**Task statement**
If a line in the records below contains the word "plastic", return that line.

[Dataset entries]
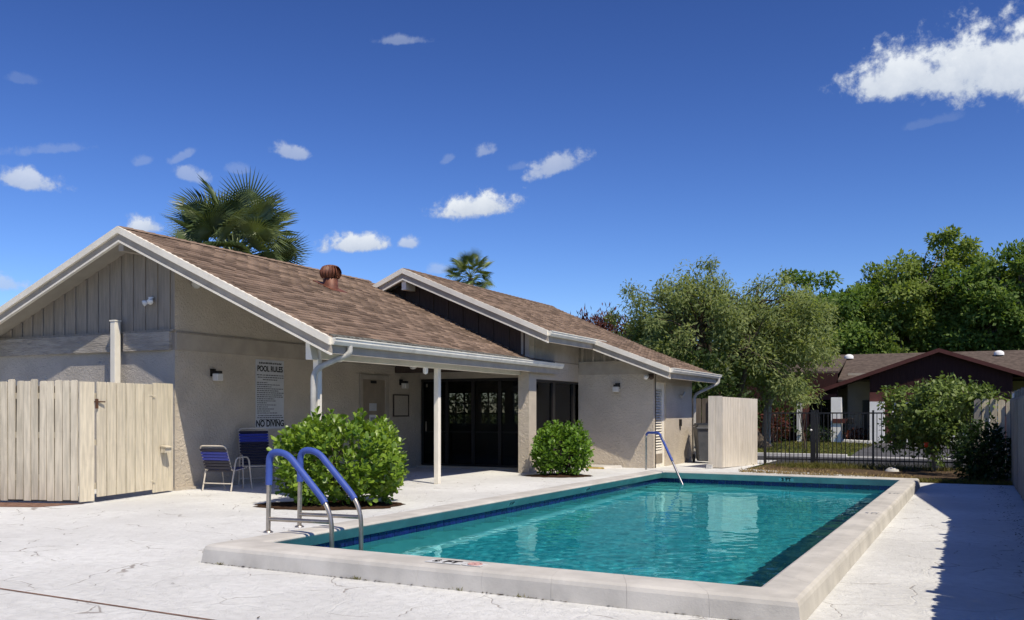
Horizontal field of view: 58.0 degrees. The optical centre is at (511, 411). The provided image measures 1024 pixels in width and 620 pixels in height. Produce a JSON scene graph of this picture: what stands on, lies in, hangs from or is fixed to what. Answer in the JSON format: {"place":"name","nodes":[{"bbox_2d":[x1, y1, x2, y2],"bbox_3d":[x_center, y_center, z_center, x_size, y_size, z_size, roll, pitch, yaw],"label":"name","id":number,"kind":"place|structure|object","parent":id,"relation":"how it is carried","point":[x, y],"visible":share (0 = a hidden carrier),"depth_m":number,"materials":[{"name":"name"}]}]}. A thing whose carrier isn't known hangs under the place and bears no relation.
{"place":"outdoors","nodes":[
{"label":"outdoors","id":0,"kind":"place"},
{"bbox_2d":[0,459,1023,619],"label":"pool deck","id":1,"kind":"structure","parent":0,"point":[932,552],"depth_m":8.30,"materials":[{"name":"white concrete"}]},
{"bbox_2d":[0,502,74,506],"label":"bare strip","id":2,"kind":"object","parent":1,"relation":"on","point":[9,504],"visible":1,"depth_m":13.89,"materials":[{"name":"brown soil"}]},
{"bbox_2d":[0,379,93,501],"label":"wooden fence","id":3,"kind":"object","parent":2,"relation":"on","point":[40,434],"visible":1,"depth_m":14.10,"materials":[{"name":"beige wood"}]},
{"bbox_2d":[94,382,155,496],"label":"wooden gate","id":4,"kind":"structure","parent":3,"relation":"attached to","point":[123,441],"depth_m":14.85,"materials":[{"name":"beige wood"}]},
{"bbox_2d":[0,588,213,619],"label":"expansion joint","id":5,"kind":"object","parent":1,"relation":"on","point":[108,604],"visible":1,"depth_m":6.68,"materials":[{"name":"grey concrete"}]},
{"bbox_2d":[109,320,121,382],"bbox_3d":[-7.214,-0.133,16.787,0.140,3.065,0.150,0,0,26],"label":"post","id":6,"kind":"object","parent":1,"relation":"on","point":[114,350],"visible":0.51,"depth_m":16.74,"materials":[{"name":"beige wood"}]},
{"bbox_2d":[152,383,172,492],"bbox_3d":[-6.011,0.440,15.885,0.020,1.860,0.561,0,0,14],"label":"fence infill","id":7,"kind":"object","parent":1,"relation":"on","point":[162,431],"visible":1,"depth_m":15.86,"materials":[{"name":"beige wood"}]},
{"bbox_2d":[160,445,172,452],"bbox_3d":[-5.921,0.637,15.820,0.135,0.125,0.160,0,0,26],"label":"outlet box","id":8,"kind":"object","parent":7,"relation":"attached to","point":[165,448],"visible":1,"depth_m":15.78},
{"bbox_2d":[200,445,252,491],"bbox_3d":[-5.112,0.994,16.486,0.617,0.820,0.784,0,0,18],"label":"patio chair","id":9,"kind":"object","parent":1,"relation":"on","point":[215,460],"visible":1,"depth_m":16.23,"materials":[{"name":"blue fabric"}]},
{"bbox_2d":[238,428,276,487],"bbox_3d":[-4.816,0.857,17.397,0.617,1.094,0.900,0,0,-24],"label":"patio chair","id":10,"kind":"object","parent":1,"relation":"on","point":[251,443],"visible":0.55,"depth_m":17.62,"materials":[{"name":"blue fabric"}]},
{"bbox_2d":[253,500,403,509],"bbox_3d":[-2.737,1.367,13.828,2.161,0.054,1.705,0,0,26],"label":"soil patch","id":11,"kind":"object","parent":1,"relation":"on","point":[336,505],"visible":0.67,"depth_m":13.52,"materials":[{"name":"brown soil"}]},
{"bbox_2d":[266,406,409,505],"bbox_3d":[-2.611,0.675,13.993,2.072,1.534,1.808,0,0,-2],"label":"clusia bush","id":12,"kind":"object","parent":11,"relation":"on","point":[325,435],"visible":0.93,"depth_m":13.47,"materials":[{"name":"green plant"}]},
{"bbox_2d":[0,226,721,498],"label":"clubhouse","id":13,"kind":"structure","parent":1,"relation":"on","point":[501,381],"depth_m":18.35},
{"bbox_2d":[142,297,153,305],"bbox_3d":[-6.495,-1.974,16.507,0.259,0.172,0.151,0,0,26],"label":"floodlight","id":14,"kind":"object","parent":13,"relation":"attached to","point":[150,300],"visible":1,"depth_m":16.48,"materials":[{"name":"white plastic"}]},
{"bbox_2d":[191,282,200,288],"bbox_3d":[-5.689,-2.327,16.740,0.169,0.204,0.281,0,0,8],"label":"floodlight","id":15,"kind":"object","parent":13,"relation":"attached to","point":[195,285],"visible":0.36,"depth_m":16.65,"materials":[{"name":"white metal"}]},
{"bbox_2d":[210,369,222,380],"bbox_3d":[-5.487,-0.688,17.134,0.199,0.225,0.150,0,0,26],"label":"wall light","id":16,"kind":"object","parent":13,"relation":"attached to","point":[216,375],"visible":1,"depth_m":17.07,"materials":[{"name":"white glass"}]},
{"bbox_2d":[256,359,283,428],"bbox_3d":[-4.873,-0.350,18.587,0.013,1.380,0.830,0,0,26],"label":"rules sign","id":17,"kind":"object","parent":13,"relation":"attached to","point":[269,394],"visible":0.99,"depth_m":18.57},
{"bbox_2d":[313,265,346,292],"bbox_3d":[-3.791,-2.775,19.286,0.520,0.595,0.520,0,0,26],"label":"roof turbine","id":18,"kind":"object","parent":13,"relation":"on","point":[330,275],"visible":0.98,"depth_m":19.14,"materials":[{"name":"brown metal"}]},
{"bbox_2d":[359,374,388,465],"bbox_3d":[-3.257,0.265,21.826,0.049,2.270,1.170,0,0,26],"label":"porch door","id":19,"kind":"structure","parent":13,"relation":"in","point":[373,389],"depth_m":21.80,"materials":[{"name":"beige metal"}]},
{"bbox_2d":[399,379,408,388],"bbox_3d":[-2.674,-0.688,22.838,0.199,0.225,0.150,0,0,26],"label":"wall light","id":20,"kind":"object","parent":13,"relation":"attached to","point":[404,384],"visible":1,"depth_m":22.79,"materials":[{"name":"white metal"}]},
{"bbox_2d":[423,367,427,373],"bbox_3d":[-1.644,-0.775,17.535,0.100,0.130,0.100,0,0,26],"label":"security camera","id":21,"kind":"object","parent":13,"relation":"attached to","point":[425,370],"visible":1,"depth_m":17.50,"materials":[{"name":"white plastic"}]},
{"bbox_2d":[421,378,517,467],"bbox_3d":[-0.968,0.265,23.067,3.000,2.197,0.120,0,0,26],"label":"sliding door","id":22,"kind":"structure","parent":13,"relation":"in","point":[479,416],"depth_m":23.04,"materials":[{"name":"black glass"}]},
{"bbox_2d":[536,379,577,462],"bbox_3d":[1.265,0.250,22.958,0.100,2.020,3.460,0,0,26],"label":"window","id":23,"kind":"structure","parent":13,"relation":"in","point":[556,400],"depth_m":22.61,"materials":[{"name":"black glass"}]},
{"bbox_2d":[612,383,619,391],"bbox_3d":[2.619,-0.608,23.126,0.150,0.225,0.199,0,0,26],"label":"wall light","id":24,"kind":"object","parent":13,"relation":"attached to","point":[616,387],"visible":1,"depth_m":23.05,"materials":[{"name":"white glass"}]},
{"bbox_2d":[643,374,653,379],"bbox_3d":[3.380,-0.864,22.743,0.267,0.152,0.173,0,0,26],"label":"floodlight","id":25,"kind":"object","parent":13,"relation":"attached to","point":[649,376],"visible":1,"depth_m":22.70,"materials":[{"name":"white plastic"}]},
{"bbox_2d":[656,382,663,467],"bbox_3d":[3.673,0.330,23.365,0.120,2.140,0.900,0,0,26],"label":"louvre door","id":26,"kind":"structure","parent":13,"relation":"in","point":[659,386],"depth_m":23.48,"materials":[{"name":"white"}]},
{"bbox_2d":[215,562,528,597],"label":"joint sprouts","id":27,"kind":"object","parent":1,"relation":"on","point":[360,578],"visible":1,"depth_m":7.67,"materials":[{"name":"green plant"}]},
{"bbox_2d":[199,561,735,619],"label":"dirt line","id":28,"kind":"object","parent":1,"relation":"on","point":[443,588],"visible":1,"depth_m":7.12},
{"bbox_2d":[0,482,1023,617],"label":"leaf litter","id":29,"kind":"object","parent":1,"relation":"on","point":[984,496],"visible":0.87,"depth_m":11.79,"materials":[{"name":"brown plant"}]},
{"bbox_2d":[524,473,591,477],"bbox_3d":[1.012,1.367,20.125,1.455,0.054,1.232,0,0,26],"label":"soil patch","id":30,"kind":"object","parent":1,"relation":"on","point":[560,475],"visible":0.88,"depth_m":19.88,"materials":[{"name":"brown soil"}]},
{"bbox_2d":[529,419,594,474],"bbox_3d":[1.106,0.789,20.323,1.455,1.273,1.341,0,0,3],"label":"clusia bush","id":31,"kind":"object","parent":30,"relation":"on","point":[550,437],"visible":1,"depth_m":19.91,"materials":[{"name":"green plant"}]},
{"bbox_2d":[201,470,919,619],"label":"swimming pool","id":32,"kind":"structure","parent":1,"relation":"in","point":[803,586],"depth_m":7.84,"materials":[{"name":"paint"}]},
{"bbox_2d":[263,449,333,547],"bbox_3d":[-2.142,1.038,9.252,0.873,1.325,0.097,0,0,26],"label":"pool grab rail","id":33,"kind":"object","parent":32,"relation":"attached to","point":[304,475],"visible":0.97,"depth_m":9.25,"materials":[{"name":"metal"}]},
{"bbox_2d":[295,447,362,550],"bbox_3d":[-1.926,1.038,9.691,0.873,1.325,0.097,0,0,26],"label":"pool grab rail","id":34,"kind":"object","parent":32,"relation":"attached to","point":[335,473],"visible":0.97,"depth_m":9.67,"materials":[{"name":"metal"}]},
{"bbox_2d":[339,482,885,586],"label":"water","id":35,"kind":"structure","parent":32,"relation":"in","point":[750,535],"depth_m":11.00,"materials":[{"name":"teal liquid"}]},
{"bbox_2d":[645,431,683,484],"bbox_3d":[3.138,0.992,18.967,0.056,1.162,1.459,0,0,-24],"label":"pool handrail","id":36,"kind":"object","parent":32,"relation":"attached to","point":[666,448],"visible":0.98,"depth_m":19.03,"materials":[{"name":"metal"}]},
{"bbox_2d":[692,398,707,458],"bbox_3d":[6.008,0.500,27.281,2.035,1.800,0.075,0,0,26],"label":"wooden fence","id":37,"kind":"object","parent":1,"relation":"on","point":[704,410],"visible":0.08,"depth_m":27.45,"materials":[{"name":"beige wood"}]},
{"bbox_2d":[692,423,707,461],"bbox_3d":[5.278,0.856,25.249,0.600,1.088,0.806,0,0,1],"label":"wheeled bin","id":38,"kind":"object","parent":1,"relation":"on","point":[700,431],"visible":0.53,"depth_m":24.95,"materials":[{"name":"grey plastic"}]},
{"bbox_2d":[706,464,712,468],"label":"concrete block","id":39,"kind":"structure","parent":1,"relation":"on","point":[709,466],"depth_m":22.66,"materials":[{"name":"white concrete"}]},
{"bbox_2d":[708,396,756,467],"bbox_3d":[5.821,0.508,23.702,0.339,1.796,2.464,0,0,42],"label":"board screen","id":40,"kind":"object","parent":1,"relation":"on","point":[732,431],"visible":0.98,"depth_m":23.21,"materials":[{"name":"beige wood"}]},
{"bbox_2d":[1010,387,1023,499],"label":"wooden fence","id":41,"kind":"object","parent":1,"relation":"on","point":[1017,432],"visible":0.98,"depth_m":15.96,"materials":[{"name":"beige wood"}]},
{"bbox_2d":[0,0,1023,333],"label":"sky","id":42,"kind":"structure","parent":0,"point":[585,148],"materials":[{"name":"blue"}]},
{"bbox_2d":[746,440,915,468],"bbox_3d":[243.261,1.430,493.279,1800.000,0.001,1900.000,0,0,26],"label":"ground","id":43,"kind":"structure","parent":0,"point":[850,453],"depth_m":35.93,"materials":[{"name":"green plant"}]},
{"bbox_2d":[159,166,311,265],"bbox_3d":[-8.491,-2.936,28.129,5.242,8.873,5.092,0,0,26],"label":"fan palm","id":44,"kind":"object","parent":43,"relation":"on","point":[248,217],"visible":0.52,"depth_m":27.07,"materials":[{"name":"green plant"}]},
{"bbox_2d":[441,247,495,288],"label":"fan palm","id":45,"kind":"object","parent":43,"relation":"on","point":[461,267],"visible":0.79,"depth_m":54.54,"materials":[{"name":"green plant"}]},
{"bbox_2d":[570,303,634,339],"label":"red leaf tree","id":46,"kind":"object","parent":43,"relation":"on","point":[598,321],"visible":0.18,"depth_m":44.63,"materials":[{"name":"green plant"}]},
{"bbox_2d":[615,294,736,359],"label":"broadleaf tree","id":47,"kind":"object","parent":43,"relation":"on","point":[694,322],"depth_m":64.90,"materials":[{"name":"green plant"}]},
{"bbox_2d":[657,334,759,427],"bbox_3d":[6.284,-0.671,34.390,5.988,4.426,3.897,0,0,26],"label":"garden shrub","id":48,"kind":"object","parent":43,"relation":"on","point":[706,356],"visible":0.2,"depth_m":33.55,"materials":[{"name":"green plant"}]},
{"bbox_2d":[603,254,846,447],"bbox_3d":[7.968,-2.184,37.166,8.729,7.629,8.418,0,0,-24],"label":"shade tree","id":49,"kind":"object","parent":43,"relation":"on","point":[687,298],"visible":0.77,"depth_m":35.12,"materials":[{"name":"green plant"}]},
{"bbox_2d":[698,281,841,445],"bbox_3d":[10.556,-1.859,37.822,5.783,6.835,5.414,0,0,26],"label":"shade tree","id":50,"kind":"object","parent":43,"relation":"on","point":[824,351],"visible":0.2,"depth_m":36.60,"materials":[{"name":"green plant"}]},
{"bbox_2d":[757,406,790,442],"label":"garden shrub","id":51,"kind":"object","parent":43,"relation":"on","point":[773,430],"visible":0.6,"depth_m":41.88,"materials":[{"name":"red plant"}]},
{"bbox_2d":[757,399,798,440],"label":"garden shrub","id":52,"kind":"object","parent":43,"relation":"on","point":[763,406],"visible":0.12,"depth_m":43.75,"materials":[{"name":"green plant"}]},
{"bbox_2d":[732,469,870,476],"bbox_3d":[6.549,1.419,20.259,1.348,0.062,4.691,0,0,-38],"label":"slab edge","id":53,"kind":"object","parent":43,"relation":"on","point":[736,471],"visible":0.14,"depth_m":21.09,"materials":[{"name":"grey concrete"}]},
{"bbox_2d":[789,392,814,449],"bbox_3d":[10.773,0.393,34.355,1.014,2.227,1.122,0,0,26],"label":"young tree","id":54,"kind":"object","parent":43,"relation":"on","point":[802,401],"visible":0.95,"depth_m":34.25,"materials":[{"name":"green plant"}]},
{"bbox_2d":[798,424,842,442],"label":"garden shrub","id":55,"kind":"object","parent":43,"relation":"on","point":[821,436],"visible":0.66,"depth_m":42.83,"materials":[{"name":"green plant"}]},
{"bbox_2d":[759,268,912,354],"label":"broadleaf tree","id":56,"kind":"object","parent":43,"relation":"on","point":[858,330],"visible":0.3,"depth_m":56.81,"materials":[{"name":"green plant"}]},
{"bbox_2d":[692,348,1023,443],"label":"maroon house","id":57,"kind":"structure","parent":43,"relation":"on","point":[855,382],"depth_m":42.49,"materials":[{"name":"red"}]},
{"bbox_2d":[809,400,830,427],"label":"window","id":58,"kind":"structure","parent":57,"relation":"in","point":[822,408],"depth_m":43.44,"materials":[{"name":"black glass"}]},
{"bbox_2d":[833,418,853,423],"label":"mailbox","id":59,"kind":"object","parent":57,"relation":"attached to","point":[849,420],"visible":0.88,"depth_m":42.19,"materials":[{"name":"black metal"}]},
{"bbox_2d":[862,400,869,440],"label":"front door","id":60,"kind":"structure","parent":57,"relation":"in","point":[865,403],"depth_m":43.63,"materials":[{"name":"grey wood"}]},
{"bbox_2d":[892,402,997,441],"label":"garage door","id":61,"kind":"structure","parent":57,"relation":"in","point":[898,402],"depth_m":40.64,"materials":[{"name":"white"}]},
{"bbox_2d":[846,426,869,439],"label":"garden shrub","id":62,"kind":"object","parent":43,"relation":"on","point":[858,435],"visible":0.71,"depth_m":42.68,"materials":[{"name":"green plant"}]},
{"bbox_2d":[757,453,1005,460],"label":"kerb","id":63,"kind":"structure","parent":43,"relation":"on","point":[800,455],"depth_m":28.77,"materials":[{"name":"grey concrete"}]},
{"bbox_2d":[841,224,1006,353],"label":"broadleaf tree","id":64,"kind":"object","parent":43,"relation":"on","point":[911,285],"visible":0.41,"depth_m":56.21,"materials":[{"name":"green plant"}]},
{"bbox_2d":[907,238,1023,352],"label":"broadleaf tree","id":65,"kind":"object","parent":43,"relation":"on","point":[989,314],"visible":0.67,"depth_m":53.03,"materials":[{"name":"green plant"}]},
{"bbox_2d":[1003,264,1022,330],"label":"broadleaf tree","id":66,"kind":"object","parent":43,"relation":"on","point":[1016,275],"visible":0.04,"depth_m":54.57,"materials":[{"name":"green plant"}]},
{"bbox_2d":[757,456,967,467],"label":"road","id":67,"kind":"structure","parent":0,"point":[799,461],"depth_m":26.85,"materials":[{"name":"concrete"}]},
{"bbox_2d":[739,464,1013,485],"bbox_3d":[8.516,1.412,20.999,6.300,0.001,5.800,0,0,26],"label":"planting bed","id":68,"kind":"object","parent":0,"point":[946,474],"visible":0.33,"depth_m":21.46,"materials":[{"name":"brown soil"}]},
{"bbox_2d":[762,459,962,472],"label":"weeds","id":69,"kind":"object","parent":68,"relation":"on","point":[826,465],"visible":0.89,"depth_m":22.90,"materials":[{"name":"green plant"}]},
{"bbox_2d":[763,410,966,465],"bbox_3d":[9.207,0.675,23.526,5.496,1.450,0.155,0,0,26],"label":"metal fence","id":70,"kind":"object","parent":68,"relation":"on","point":[813,435],"visible":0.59,"depth_m":24.12,"materials":[{"name":"black metal"}]},
{"bbox_2d":[885,467,898,471],"bbox_3d":[9.030,1.370,21.913,0.313,0.100,0.315,0,0,26],"label":"garden rock","id":71,"kind":"object","parent":68,"relation":"on","point":[891,469],"visible":0.97,"depth_m":21.81,"materials":[{"name":"white stone"}]},
{"bbox_2d":[874,370,997,470],"bbox_3d":[10.206,0.246,22.314,2.371,2.510,2.533,0,0,-18],"label":"flowering shrub","id":72,"kind":"object","parent":68,"relation":"on","point":[919,419],"visible":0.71,"depth_m":21.82,"materials":[{"name":"green plant"}]},
{"bbox_2d":[929,375,1011,453],"bbox_3d":[10.198,0.348,20.123,1.418,2.310,1.788,0,0,-40],"label":"flowering shrub","id":73,"kind":"object","parent":68,"relation":"on","point":[985,392],"visible":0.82,"depth_m":20.02,"materials":[{"name":"green plant"}]},
{"bbox_2d":[948,411,1011,481],"bbox_3d":[9.457,0.744,18.597,1.251,1.518,1.548,0,0,26],"label":"garden shrub","id":74,"kind":"object","parent":68,"relation":"on","point":[981,469],"visible":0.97,"depth_m":18.40,"materials":[{"name":"green plant"}]},
{"bbox_2d":[973,399,1009,475],"bbox_3d":[10.149,0.550,19.463,0.748,1.660,0.110,0,0,26],"label":"wooden fence","id":75,"kind":"object","parent":68,"relation":"on","point":[1001,414],"visible":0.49,"depth_m":19.41,"materials":[{"name":"beige wood"}]},
{"bbox_2d":[851,443,1005,457],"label":"driveway","id":76,"kind":"structure","parent":0,"point":[877,452],"depth_m":31.99,"materials":[{"name":"grey concrete"}]},
{"bbox_2d":[911,475,1012,484],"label":"bed edge grass","id":77,"kind":"structure","parent":0,"point":[958,481],"depth_m":18.12,"materials":[{"name":"green plant"}]}
]}

**Written solution**
{"bbox_2d":[142,297,153,305],"bbox_3d":[-6.495,-1.974,16.507,0.259,0.172,0.151,0,0,26],"label":"floodlight","id":14,"kind":"object","parent":13,"relation":"attached to","point":[150,300],"visible":1,"depth_m":16.48,"materials":[{"name":"white plastic"}]},
{"bbox_2d":[423,367,427,373],"bbox_3d":[-1.644,-0.775,17.535,0.100,0.130,0.100,0,0,26],"label":"security camera","id":21,"kind":"object","parent":13,"relation":"attached to","point":[425,370],"visible":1,"depth_m":17.50,"materials":[{"name":"white plastic"}]},
{"bbox_2d":[643,374,653,379],"bbox_3d":[3.380,-0.864,22.743,0.267,0.152,0.173,0,0,26],"label":"floodlight","id":25,"kind":"object","parent":13,"relation":"attached to","point":[649,376],"visible":1,"depth_m":22.70,"materials":[{"name":"white plastic"}]},
{"bbox_2d":[692,423,707,461],"bbox_3d":[5.278,0.856,25.249,0.600,1.088,0.806,0,0,1],"label":"wheeled bin","id":38,"kind":"object","parent":1,"relation":"on","point":[700,431],"visible":0.53,"depth_m":24.95,"materials":[{"name":"grey plastic"}]},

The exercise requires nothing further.